Because there is not one standard for platform, operating system and communication protocol between devices there is a current need for technology that can successfully “glue” together the multitude of APIs and protocols found in the market. Graphs behave like ‘glue logic’ which allows the data and logic of legacy systems to be migrated to new platforms and operating systems in a piecewise manner.  There is also a COM server and a namespace service available for programmers with a single general API that allows external programs to inject information and share state with running graphs in a local or hosted namespace which itself can be used as a service for existing code-based solutions.  If you are writing a flight simulator and you have thousands of lines of code in C++ that control the aircraft simulation, nSpace will allow you to use your current code. The new interface code is implemented in a behavior and is ‘handed’ messages/values from the running graph in the namespace.  The behavior takes the appropriate action and ’emits’ the proper output back into the graph.  This makes the code segments very concise and simple.

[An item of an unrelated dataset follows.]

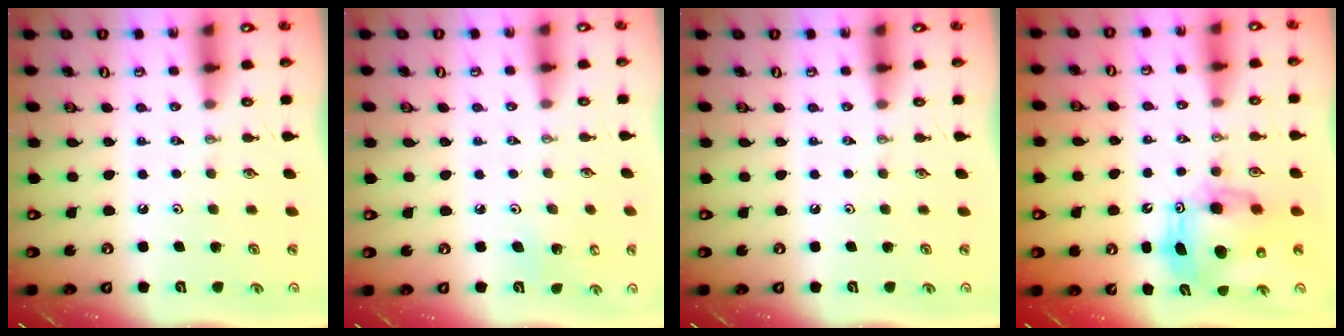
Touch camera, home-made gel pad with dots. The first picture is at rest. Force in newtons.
{"total": 3.7, "press": 3.7, "slide": 0.4}
{"total": 0.0}
{"total": 11.7, "press": 11.6, "slide": 1.3}

nSpace promotes more reuse of components since the task is no longer finding a ‘library’ that is compatible to the current language and operating system.  With nSpace, the developer can now just find the ‘behavior’ that is required and wire it into the higher level application.  Developers spend less time learning new code libraries and class hierarchies and more time focusing on implementing the desired functionality, thereby reducing development costs.  Since all of the ‘knowledge’ of an application is described in the form of graphs, portability becomes fairly simple. All of the graphs that have been tested and running in completed applications will immediately be available in the new environment, provided the behaviors can be made to perform the same function in the that environment. Because nSpace supports existing high-level languages such as C++, or Java, the learning curve is not as steep when implementing new behaviors.

Minimal Limitations

nSpace is a general-purpose programming environment and is different from other programming languages and development environments. The nSpace architecture provides an alternative method of writing distributed, multi-threaded, asynchronous and inherently parallel applications without the need to implement these features in the source code a priori.

Although the architecture enforces a system view in which the main emphasis is the proper definition of the problem to solved, you will no doubt see very familiar ideas played out in the details of implementation of program logic and constructs. Ultimately this generality is what makes nSpace such a diverse environment, although having no ‘built-in’ functionality means it is not a ‘build your application in two steps’ type of environment.  However, by creating new and reusing existing graph definitions (i.e. ‘subgraphs’) one can have a huge ‘library’ of pre-generated solutions from which to start.

Performance Monitoring

Utilizing the nSpace temporal database the developer automatically has access to a historical record of changes made to the namespace, both the state and structure of a running system.  This temporal storage is also available to the graphs for storage of any data in the system and is a straightforward way to enable ‘persistence’ in an application again without having to write additional logic either in code or in graphs.  Data is stored relative to its location within the namespace which also allows easier ‘discovery’ of available data via a file system like browser.  The result is ‘previous’ snap-shots in time can be brought up to ‘now’ in order to restore previous solutions and/or data. Temporal information is necessary in order to optimize software and hardware configurations, and to find bottlenecks. Given the collected performance data, the user may be able to reconfigure the system or change the application to maximize performance.  The framework’s integrated versioning of connections and context makes it easier to integrate real-time changes into the workflow and enables fast restoration of previous states of applications and data to also support rapid development iteration cycles helping the developer to optimize the design and also detect and correct programming and specification errors early.